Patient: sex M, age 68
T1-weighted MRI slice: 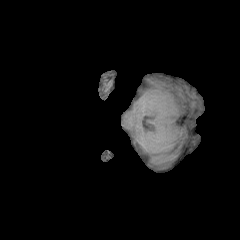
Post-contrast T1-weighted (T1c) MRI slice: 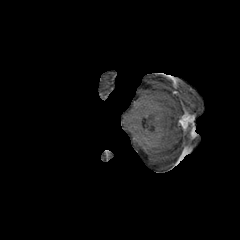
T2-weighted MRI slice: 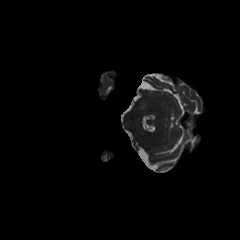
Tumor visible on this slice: no
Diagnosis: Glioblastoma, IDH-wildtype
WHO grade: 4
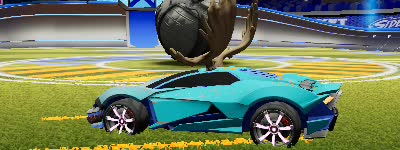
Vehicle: werewolf
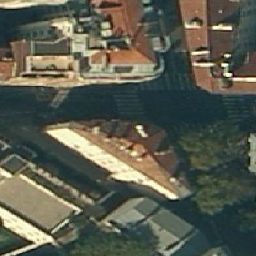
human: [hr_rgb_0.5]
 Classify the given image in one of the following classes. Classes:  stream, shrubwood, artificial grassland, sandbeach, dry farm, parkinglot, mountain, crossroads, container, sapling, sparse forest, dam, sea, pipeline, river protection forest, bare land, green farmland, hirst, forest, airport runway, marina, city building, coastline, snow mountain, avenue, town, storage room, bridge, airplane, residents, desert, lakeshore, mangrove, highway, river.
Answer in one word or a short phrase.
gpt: city building
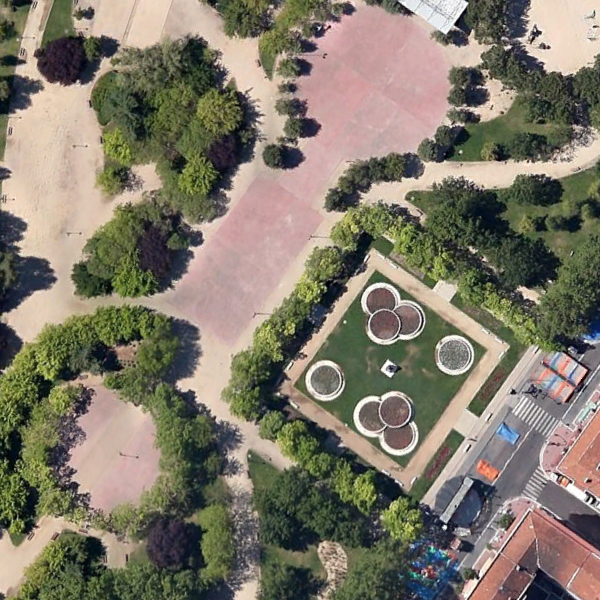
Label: Square
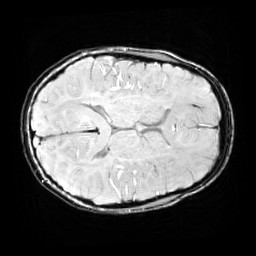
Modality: SWI
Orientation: axial
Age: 10
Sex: female
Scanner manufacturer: siemens
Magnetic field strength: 3 T
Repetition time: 0.027 s
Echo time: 0.02 s
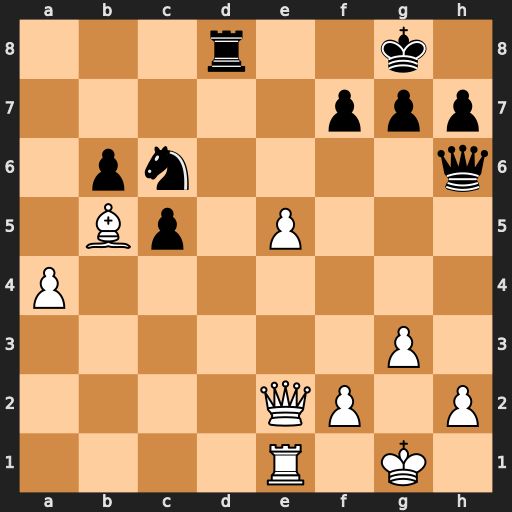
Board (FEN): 3r2k1/5ppp/1pn4q/1Bp1P3/P7/6P1/4QP1P/4R1K1
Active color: w
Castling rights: -
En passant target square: -
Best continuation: e6 Qxe6 Qxe6 fxe6 Bxc6
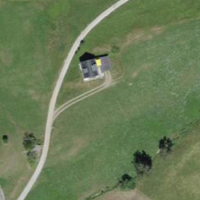
EUNIS habitat code: 52
Species observed at this site:
Campanula glomerata
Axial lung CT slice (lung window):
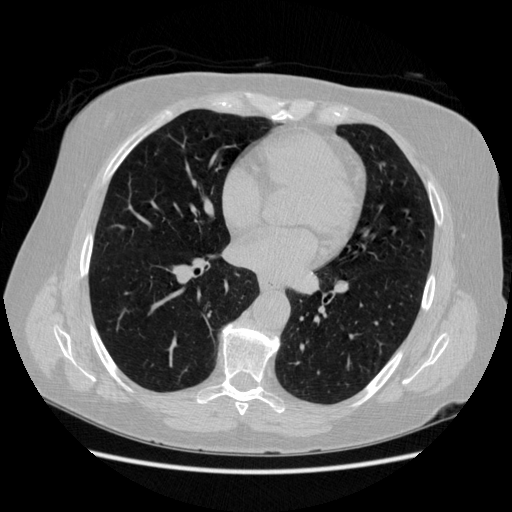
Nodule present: no
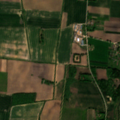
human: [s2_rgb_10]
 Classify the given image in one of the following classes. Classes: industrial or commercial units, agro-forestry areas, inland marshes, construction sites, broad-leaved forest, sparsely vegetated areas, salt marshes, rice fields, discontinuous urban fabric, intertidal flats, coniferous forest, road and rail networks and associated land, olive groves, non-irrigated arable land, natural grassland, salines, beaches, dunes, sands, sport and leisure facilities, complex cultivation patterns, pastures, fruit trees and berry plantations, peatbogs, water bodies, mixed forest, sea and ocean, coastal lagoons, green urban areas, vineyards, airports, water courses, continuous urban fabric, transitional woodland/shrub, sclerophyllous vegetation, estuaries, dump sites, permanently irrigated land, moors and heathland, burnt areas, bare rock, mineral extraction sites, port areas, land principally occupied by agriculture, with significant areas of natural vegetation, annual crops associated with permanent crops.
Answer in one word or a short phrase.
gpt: non-irrigated arable land, pastures, complex cultivation patterns
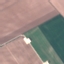
Label: AnnualCrop
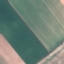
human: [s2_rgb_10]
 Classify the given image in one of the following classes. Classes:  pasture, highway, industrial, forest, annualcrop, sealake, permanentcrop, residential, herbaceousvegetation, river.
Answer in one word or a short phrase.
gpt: AnnualCrop
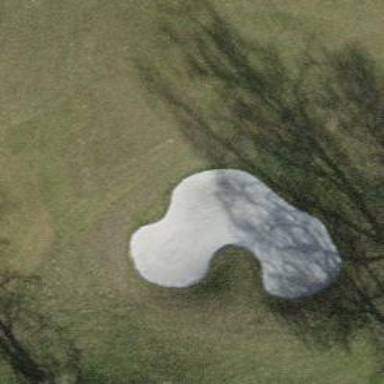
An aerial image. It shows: Sand bunker on golf course.
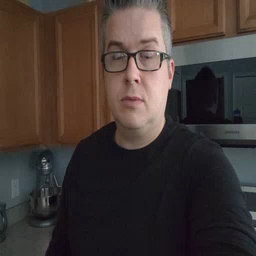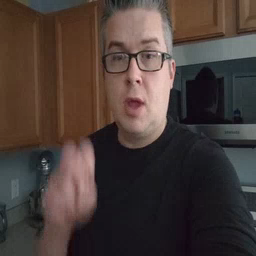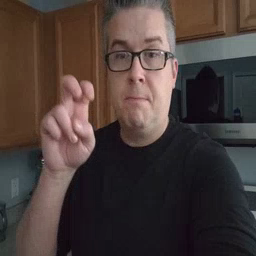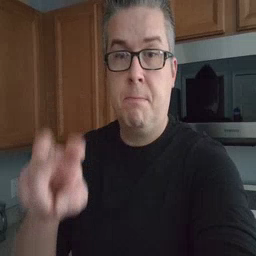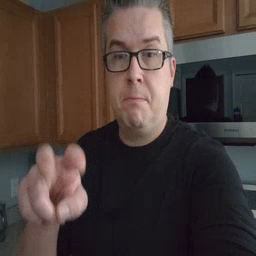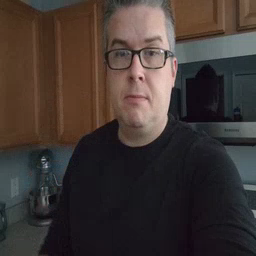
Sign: jump
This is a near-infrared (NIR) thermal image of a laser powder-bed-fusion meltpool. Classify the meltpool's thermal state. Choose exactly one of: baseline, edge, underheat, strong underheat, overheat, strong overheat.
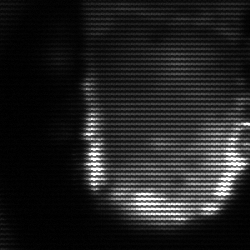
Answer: baseline
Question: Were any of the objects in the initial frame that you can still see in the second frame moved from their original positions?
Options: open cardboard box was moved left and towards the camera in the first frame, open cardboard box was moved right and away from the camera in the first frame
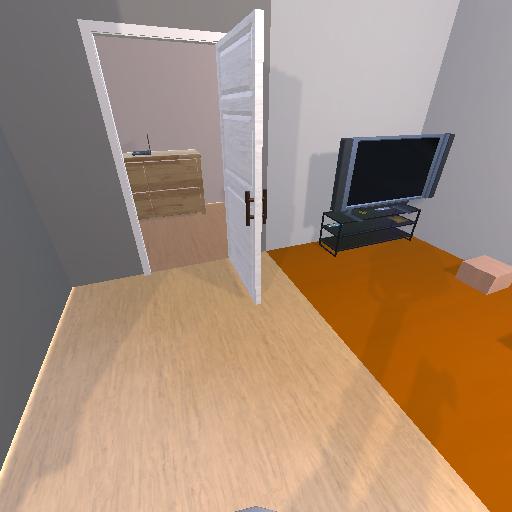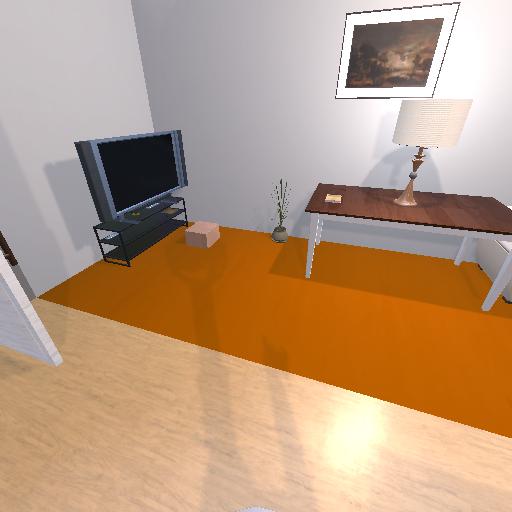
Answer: open cardboard box was moved left and towards the camera in the first frame
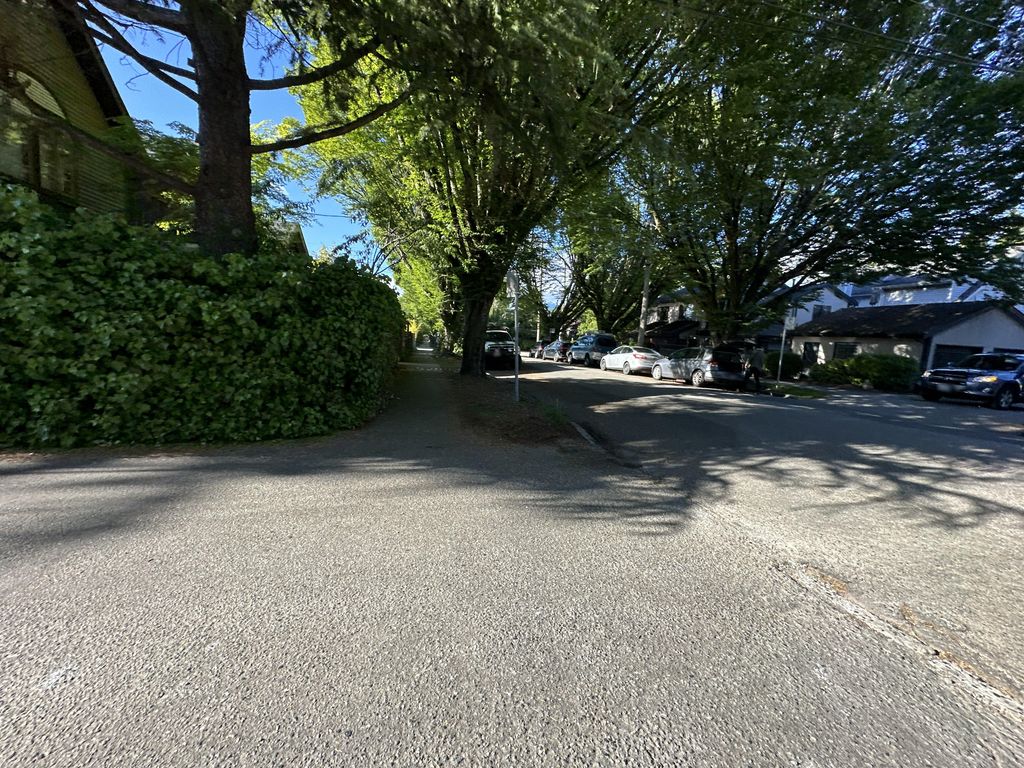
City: vancouver
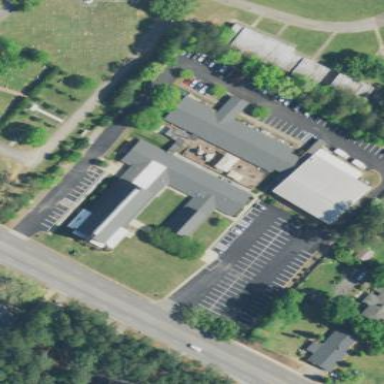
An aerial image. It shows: Building that serves as place of worship.
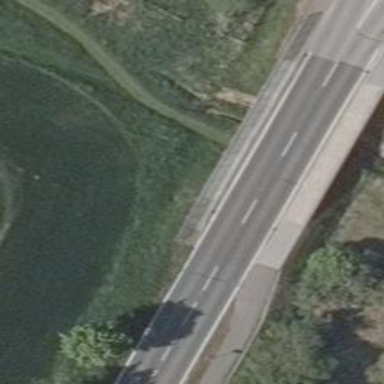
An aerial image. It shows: Man-made bridge.
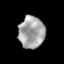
··········
▶ [WHAT YOU WILL DO] Could you retype every record exactly, leaving the pictures out?

▶ [RESPONSE]
Patient: sex M, age 68
T1-weighted MRI slice: 
Post-contrast T1-weighted (T1c) MRI slice: 
T2-weighted MRI slice: 
Tumor visible on this slice: no
Diagnosis: Glioblastoma, IDH-wildtype
WHO grade: 4
Vehicle: werewolf
human: [hr_rgb_0.5]
 Classify the given image in one of the following classes. Classes:  stream, shrubwood, artificial grassland, sandbeach, dry farm, parkinglot, mountain, crossroads, container, sapling, sparse forest, dam, sea, pipeline, river protection forest, bare land, green farmland, hirst, forest, airport runway, marina, city building, coastline, snow mountain, avenue, town, storage room, bridge, airplane, residents, desert, lakeshore, mangrove, highway, river.
Answer in one word or a short phrase.
gpt: city building
Label: Square
Modality: SWI
Orientation: axial
Age: 10
Sex: female
Scanner manufacturer: siemens
Magnetic field strength: 3 T
Repetition time: 0.027 s
Echo time: 0.02 s
Board (FEN): 3r2k1/5ppp/1pn4q/1Bp1P3/P7/6P1/4QP1P/4R1K1
Active color: w
Castling rights: -
En passant target square: -
Best continuation: e6 Qxe6 Qxe6 fxe6 Bxc6
EUNIS habitat code: 52
Species observed at this site:
Campanula glomerata
Axial lung CT slice (lung window):
Nodule present: no
human: [s2_rgb_10]
 Classify the given image in one of the following classes. Classes: industrial or commercial units, agro-forestry areas, inland marshes, construction sites, broad-leaved forest, sparsely vegetated areas, salt marshes, rice fields, discontinuous urban fabric, intertidal flats, coniferous forest, road and rail networks and associated land, olive groves, non-irrigated arable land, natural grassland, salines, beaches, dunes, sands, sport and leisure facilities, complex cultivation patterns, pastures, fruit trees and berry plantations, peatbogs, water bodies, mixed forest, sea and ocean, coastal lagoons, green urban areas, vineyards, airports, water courses, continuous urban fabric, transitional woodland/shrub, sclerophyllous vegetation, estuaries, dump sites, permanently irrigated land, moors and heathland, burnt areas, bare rock, mineral extraction sites, port areas, land principally occupied by agriculture, with significant areas of natural vegetation, annual crops associated with permanent crops.
Answer in one word or a short phrase.
gpt: non-irrigated arable land, pastures, complex cultivation patterns
Label: AnnualCrop
human: [s2_rgb_10]
 Classify the given image in one of the following classes. Classes:  pasture, highway, industrial, forest, annualcrop, sealake, permanentcrop, residential, herbaceousvegetation, river.
Answer in one word or a short phrase.
gpt: AnnualCrop
An aerial image. It shows: Sand bunker on golf course.
Sign: jump
This is a near-infrared (NIR) thermal image of a laser powder-bed-fusion meltpool. Classify the meltpool's thermal state. Choose exactly one of: baseline, edge, underheat, strong underheat, overheat, strong overheat.
Answer: baseline
Question: Were any of the objects in the initial frame that you can still see in the second frame moved from their original positions?
Options: open cardboard box was moved left and towards the camera in the first frame, open cardboard box was moved right and away from the camera in the first frame
Answer: open cardboard box was moved left and towards the camera in the first frame
City: vancouver
An aerial image. It shows: Building that serves as place of worship.
An aerial image. It shows: Man-made bridge.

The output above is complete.